Keep in mind these are our civil servants, living from our public purse, and acting under the auspices of men and women we have elected, appointed, and employed to represent our best interests.


* Security Management Protocol governing the case Brennan Guigue on July 22, 2014.

* Report of Security Intelligence Officer concerning the incident of July 22, 2014.

* All logs of the Security Intelligence Officer for a week beginning on July 22, 2014.

* All logs of the Associate Warden for Interventions for a week beginning on July 22, 2014.

* The morning shift briefing reports of July 23, 2014.

* Brennan Guigue’s security incidents on RADAR / OMS.

* Threat risk assessments about Brennan Guigue for a week beginning on July 22, 2014.

* The executive summaries of any grievances made by Brennan Guigue on July 22, 2014, or during the following two weeks (i.e. up to and including August 5).

* The executive summaries of all reports concerning the use of chemical spray on Brennan Guigue occurring on July 22, 2014.

* Reports of any data issuing from all institutional, regional, and national reviews of the use of force against Brennan Guigue on July 22, 2014.

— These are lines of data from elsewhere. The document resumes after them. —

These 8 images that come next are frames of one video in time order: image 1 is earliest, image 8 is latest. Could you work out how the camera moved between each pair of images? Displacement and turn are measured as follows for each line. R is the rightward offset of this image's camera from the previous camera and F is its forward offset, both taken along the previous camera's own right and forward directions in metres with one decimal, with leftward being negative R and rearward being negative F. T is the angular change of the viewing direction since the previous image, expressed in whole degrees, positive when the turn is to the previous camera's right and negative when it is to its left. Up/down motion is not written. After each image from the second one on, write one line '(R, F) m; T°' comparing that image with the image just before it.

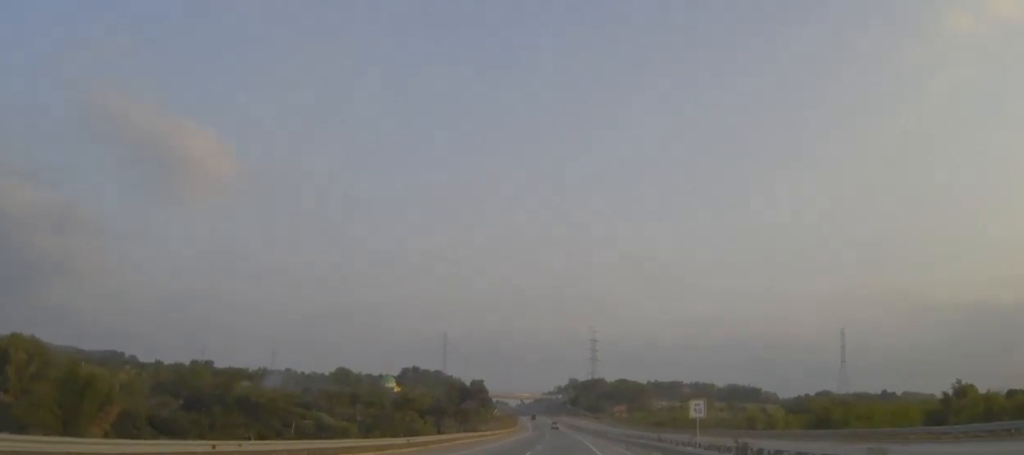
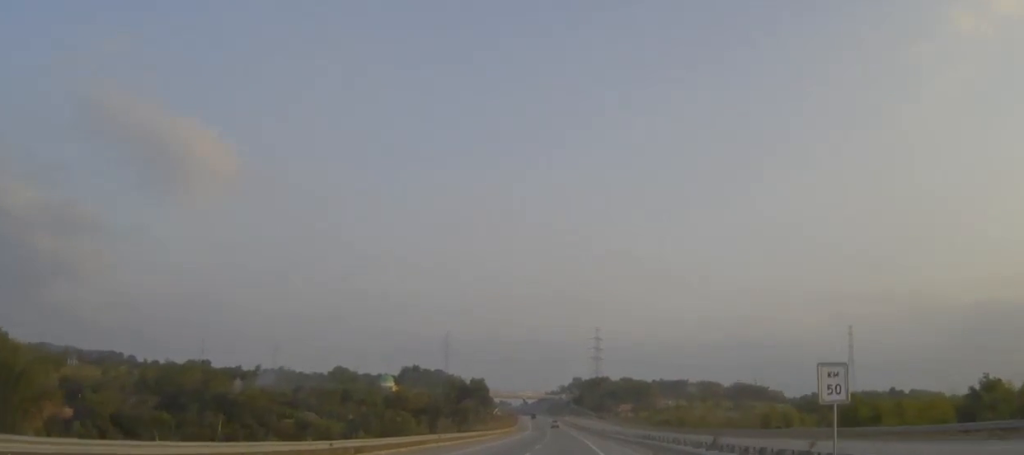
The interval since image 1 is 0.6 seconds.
(0.0, +14.3) m; 0°
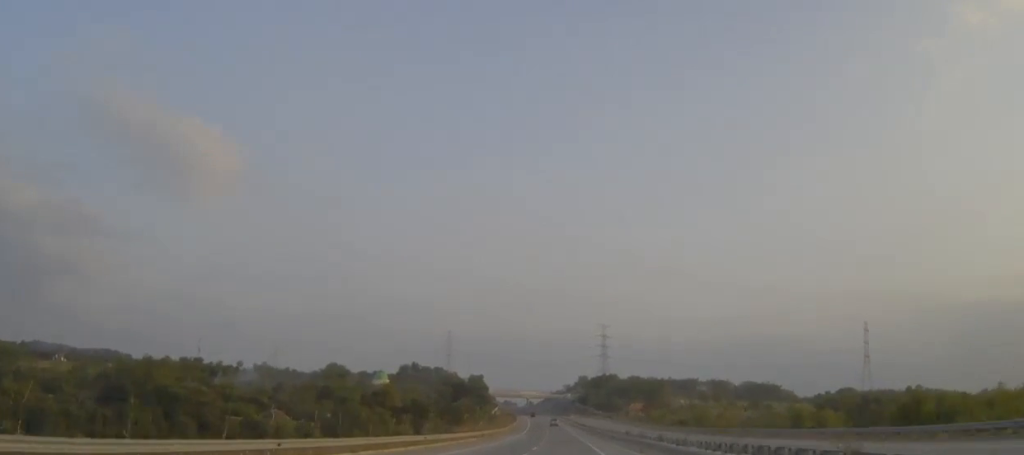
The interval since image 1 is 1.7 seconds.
(-0.2, +29.6) m; 0°
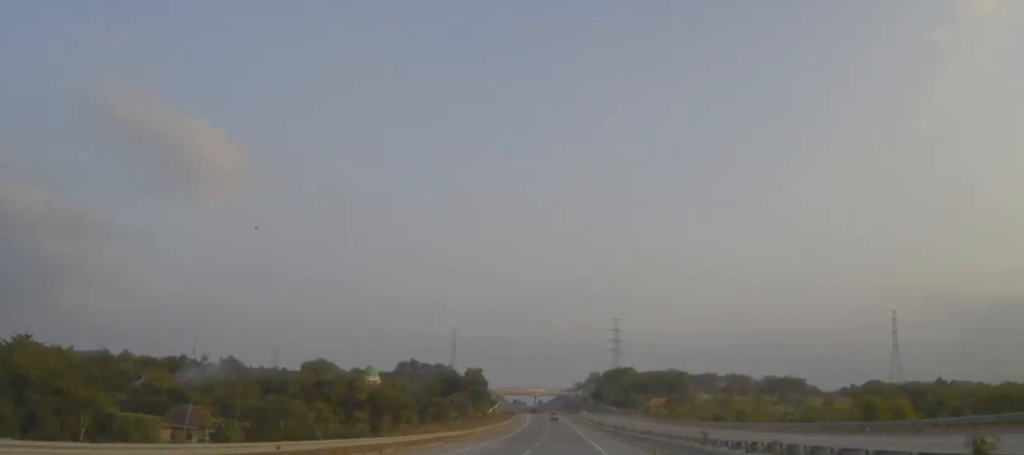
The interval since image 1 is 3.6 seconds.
(-0.3, +49.1) m; -1°
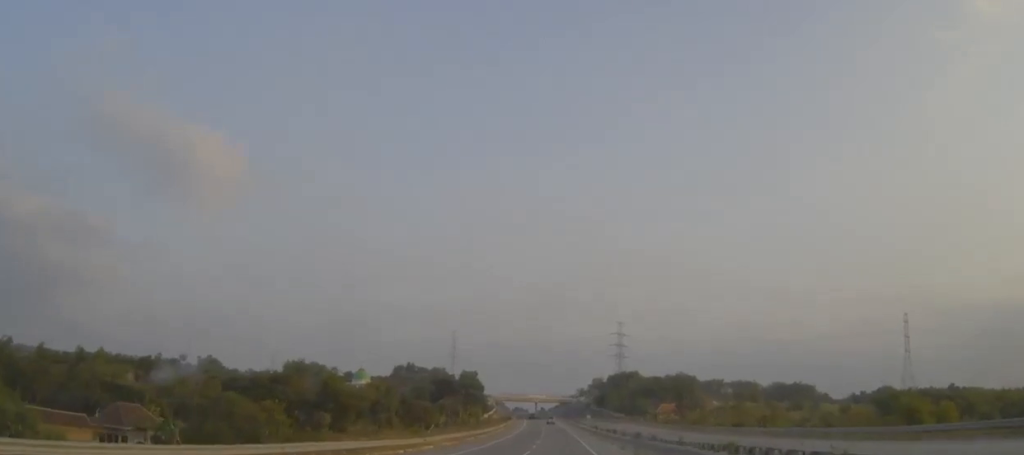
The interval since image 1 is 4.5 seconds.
(0.0, +22.8) m; 0°
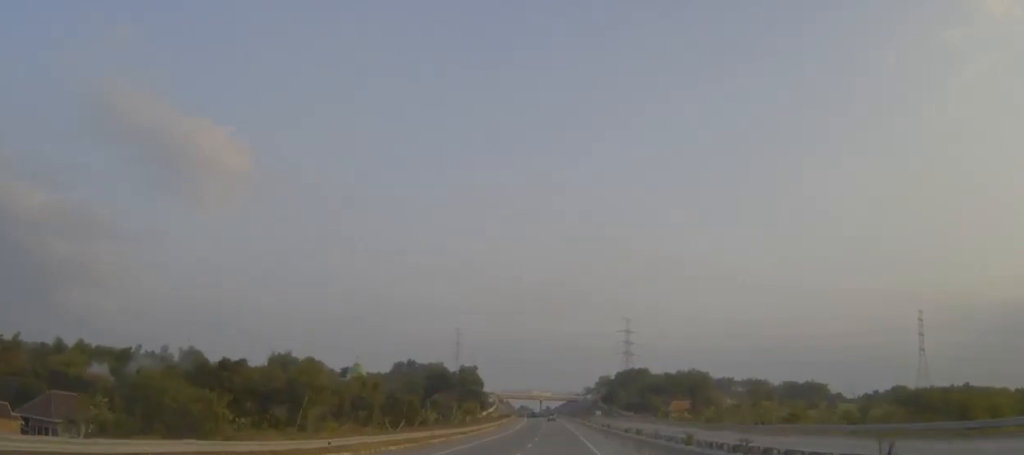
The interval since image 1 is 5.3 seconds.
(-0.2, +20.1) m; -1°
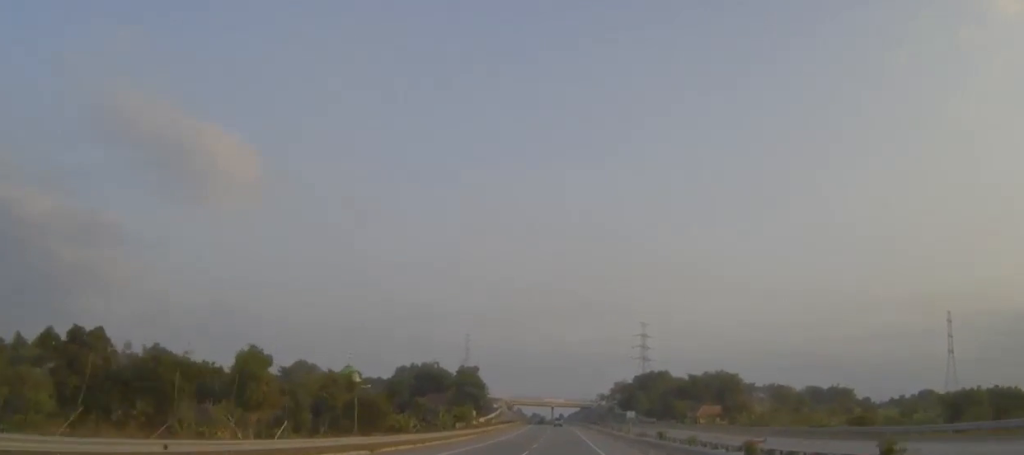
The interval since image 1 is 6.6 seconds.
(-0.2, +35.9) m; 0°
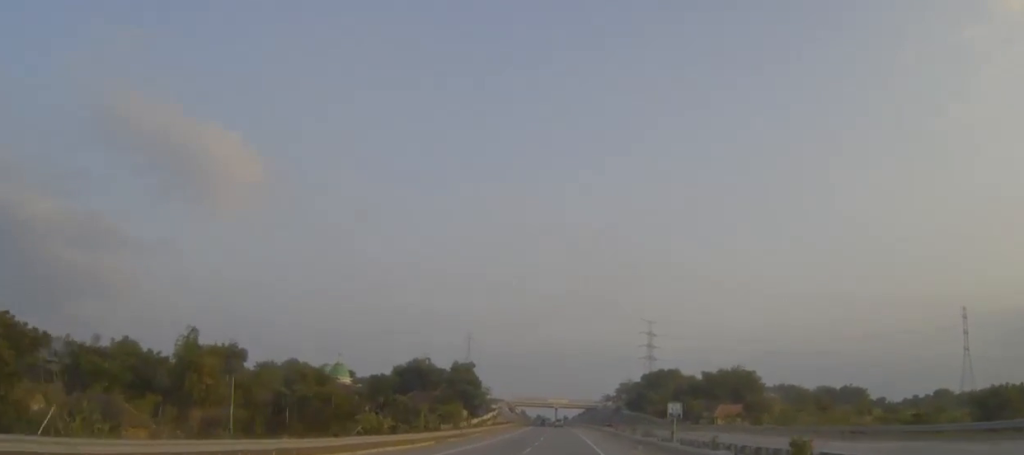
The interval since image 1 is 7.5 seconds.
(0.0, +22.7) m; -1°

* The names and photographs of all staff who participated in any events and movements involving Brennan Guigue on July 22, 2014 from the time he was placed in the dry cell in the early afternoon until his return from the nurse’s station to his cell in the evening. The term “staff” is intended to include nursing staff.

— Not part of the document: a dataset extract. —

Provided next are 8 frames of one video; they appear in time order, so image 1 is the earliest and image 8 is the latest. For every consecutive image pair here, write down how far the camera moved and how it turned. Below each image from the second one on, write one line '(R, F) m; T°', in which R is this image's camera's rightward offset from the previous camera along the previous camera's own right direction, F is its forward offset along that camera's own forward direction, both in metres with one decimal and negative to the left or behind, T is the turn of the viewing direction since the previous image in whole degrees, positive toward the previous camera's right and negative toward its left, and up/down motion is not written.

* All log book entries of any units holding Brennan Guigue for a week beginning on July 22, 2014.

* All log book entries of the Correctional Manager of any units holding Brenan Guigue for a week beginning on July 22, 2014.

* All Operations log book entries for a week beginning on July 22, 2014.

* All log book entries of the Security Intelligence for a week beginning on July 22, 2014.

* All log book entries of the Associate Warden for Inventions for a week beginning on July 22, 2014

* For the period beginning when Brennan Guigue was placed in the dry cell on July 22, 2014, to the end of July, 2014, all emails to or from:

the Institutional Director,
the Deputy Director,
the Associate Warden on Interventions,
the Assistant Director Operations,
the Security Intelligence Officer,
the Correctional Officer (CO II) in charge of the Dome,
the Correctional Manager in charge of detention,
any other Correctional Manager on Shift,
all Parole Officers assigned to Brennan Guigue during the time he spent in the Regional Reception Centre,
the Nursing Staff.

* Hand-held video camera recordings of all staff interactions with movements of Brennan Guigue on July 22, 2014 beginning with his placement in the dry cell in the early afternoon and ending in the evening after his return to his v=cell from the nursing station.

* Film from the fixed security cameras facing the dry cell on July 22, 2014, during the time it was occupied by Brennan Guigue.

*Film from the fixed security cameras facing the shower on July 22, 2014 during Brennan Guigue’s arrival at it and departure therefrom and during the time Brennan Guigue was in the shower.

* Film from the fixed security cameras facing the protocol cell used for decontamination of Brenan Guigue after the use of chemical spray on July 22, 2014. The requested period extends from Brennan Guigue’s arrival at the shower to his departure from it.

* Film from the fixed security cameras facing the nursing station to which Brennan Guigue was brought. The requested period covers the time during which Brennan Guigue was present there in the evening of July 22, 2014.

In short, we wish everything in the possession of CSC that sheds light on Brennan Guigue’s July 22, 2014 confrontation with staff and its aftermath.